Stage 3: Generating the embeddings
- Reader model:
- This is trivial -- once the model is trained, the embeddings can just be extracted via get_word_vector for each of the articles (words). Currently, the fastText itself is actually shipped to CloudVPS as it supports nearest-neighbor lookups natively but long-term we'll want to incorporate the reader embeddings into the same vector search framework that the link-based model uses.
- Link-based model:
- Code: In this case, the articles we want embeddings for are actually documents (and not the words), so we still need to run every article in the data from Stage 1 back through the trained model and output its respective document vector.
Stage 4: Building a nearest-neighbor index
- Reader model:
- Again, the current API just uses the fastText model for this but a long-term solution would depend on the same approach as used by the link-based model.
- Link-based model:
- Code (but scroll down to Build Annoy index header): once the embeddings have been created, it's relatively simple to build the nearest-neighbor index though it can take a while and in my experience can be done effectively on the stat boxes but not a Cloud VPS instance. The index is a much larger file than the embeddings. Currently the embeddings are about 1.8GB while the index is 20GB.

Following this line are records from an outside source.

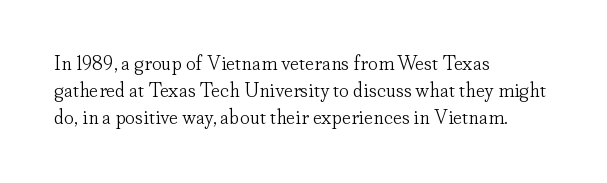
Q: Is the text bold? A: No.
Q: Is the text italic (slanted)? A: No, it is upright.
Q: Is the text underlined? A: No.
Q: How is the paragraph aligned? A: Left-aligned.
Q: Is the spacing between letters normal or unusually wide? A: Normal.
Q: Is the spacing between lines tight, normal or loose? A: Normal.
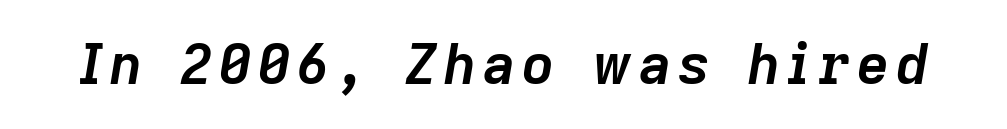
{"italic": "yes", "lean": "right", "slant_degrees": 9, "bold": "yes", "weight": "semibold", "width": "normal", "stroke_contrast": "low", "x_height": "medium", "monospaced": "no", "underline": "no", "glyph_px": 56}
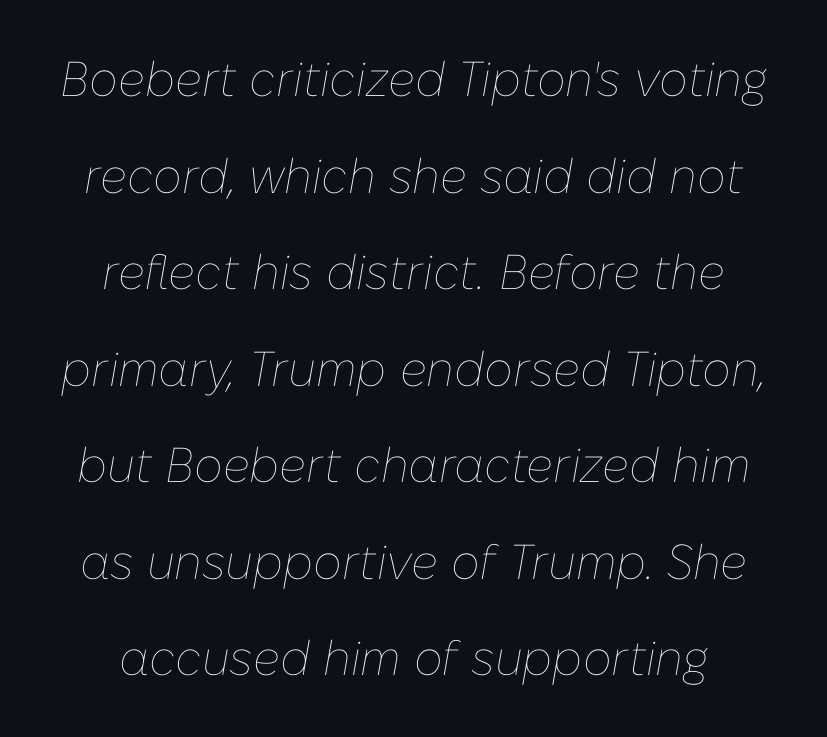
{"italic": "yes", "lean": "right", "slant_degrees": 10, "bold": "no", "weight": "thin", "width": "normal", "stroke_contrast": "low", "x_height": "medium", "monospaced": "no", "underline": "no", "line_spacing": "loose", "line_spacing_ratio": 1.97, "letter_spacing": "normal", "letter_spacing_em": 0.0, "glyph_px": 49}
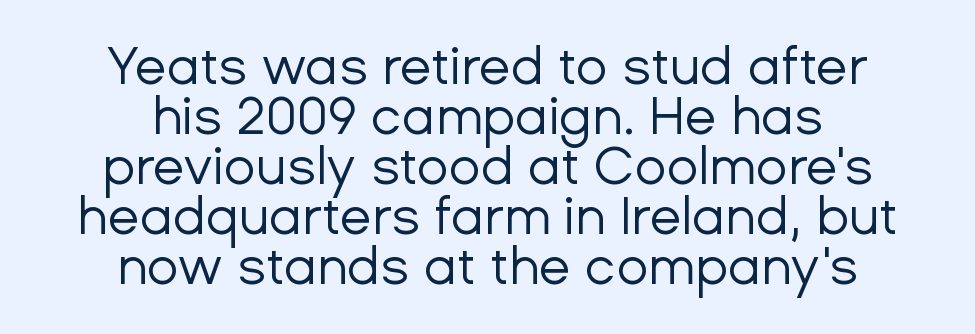
The image shows 52 px regular-weight sans-serif type, upright; set centered, tight line spacing (0.96x), normal letter spacing, not underlined; low stroke contrast and a medium x-height.
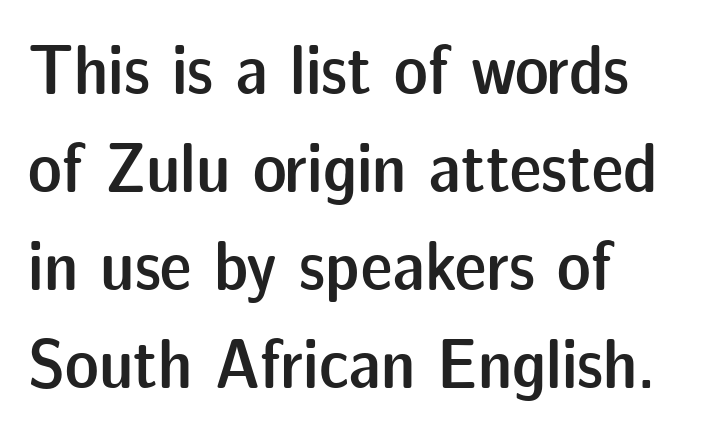
{"serif": "no", "italic": "no", "bold": "semi", "weight": "semibold", "width": "normal", "stroke_contrast": "low", "x_height": "medium", "monospaced": "no", "underline": "no", "align": "left", "line_spacing": "normal", "line_spacing_ratio": 1.38, "letter_spacing": "normal", "letter_spacing_em": 0.0, "glyph_px": 71}
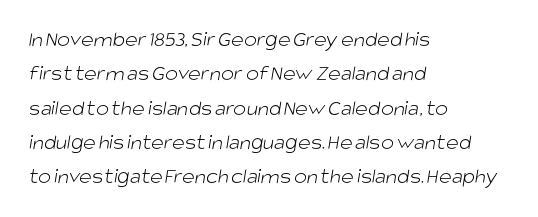
{"bold": "no", "underline": "no", "align": "left", "line_spacing": "normal", "line_spacing_ratio": 1.56, "letter_spacing": "normal", "letter_spacing_em": 0.0, "glyph_px": 22}
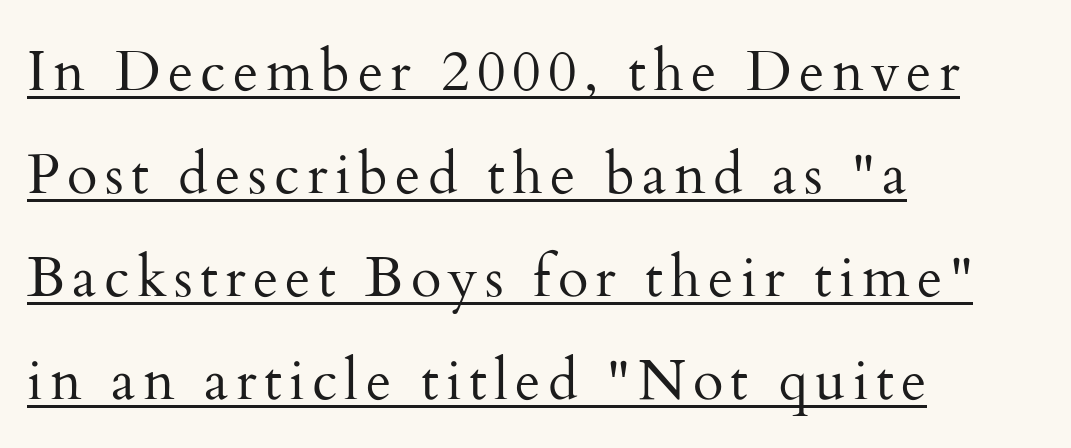
Q: Is the text bold? A: No.
Q: Is the text italic (slanted)? A: No, it is upright.
Q: Is the typeface a serif or a sans-serif typeface? A: Serif.
Q: Is the text underlined? A: Yes.
Q: How is the paragraph aligned? A: Left-aligned.
Q: Width (condensed, normal, or wide)? A: Normal.
Q: Stroke contrast? A: Medium.
Q: x-height? A: Small.
Q: Monospaced? A: No.
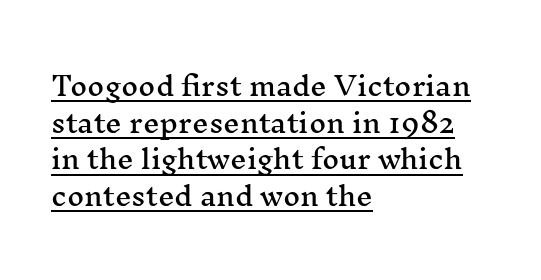
The image shows 26 px text type, upright; set left-aligned, normal line spacing (1.41x), normal letter spacing, underlined.
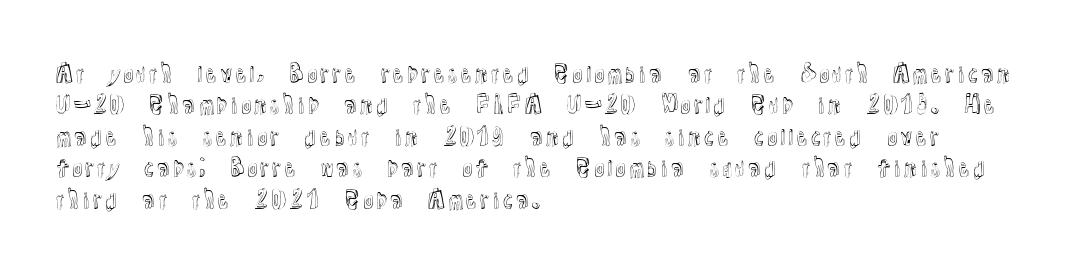
Q: Is the text italic (slanted)? A: No, it is upright.
Q: Is the text underlined? A: No.
Q: How is the paragraph aligned? A: Left-aligned.
Q: Is the spacing between letters normal or unusually wide? A: Normal.
Q: Is the spacing between lines tight, normal or loose? A: Normal.
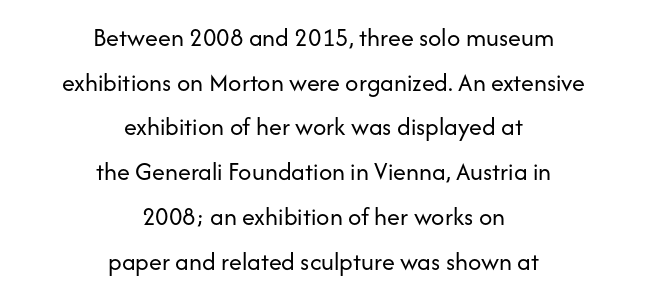
Stem width sits at or under what a default text font uses. Inter-character spacing is left at the font's built-in metrics. Decoration check: the copy has no underline. Visually the block forms a symmetrical silhouette, jagged on both flanks. These lines were composed using upright roman letters.
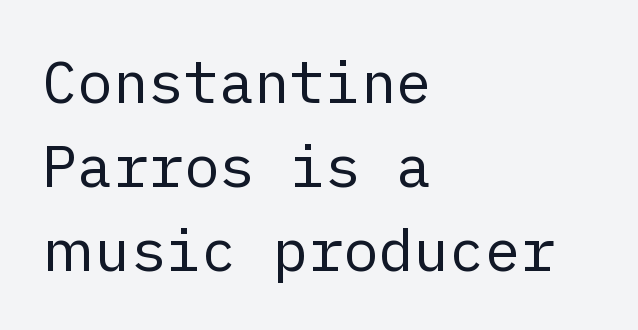
Quick note: interline space is typical. Italic: no, the glyphs are upright roman. A clean baseline with only descenders dipping below it. No extra tracking has been applied to these lines. The font family rendered here belongs to the sans-serif group. Alignment: flush left.
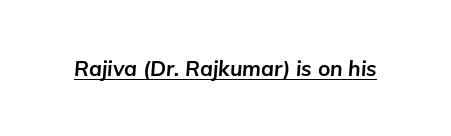
The image shows 21 px bold type, italic (leaning right); set normal letter spacing, underlined.

Stage 5: Move the index to the Cloud VPS instance
For both models, the files are large enough that this essentially must be done by scp-ing the files locally from the relevant stat machine and then from your local machine up to the Cloud VPS instance. See T341582 for another example of web publication not supporting large file downloads. Given that this is a still a prototype and this issue will eventually be solved with actual productization, I'm less concerned about automating this final step (though it certainly would be nice).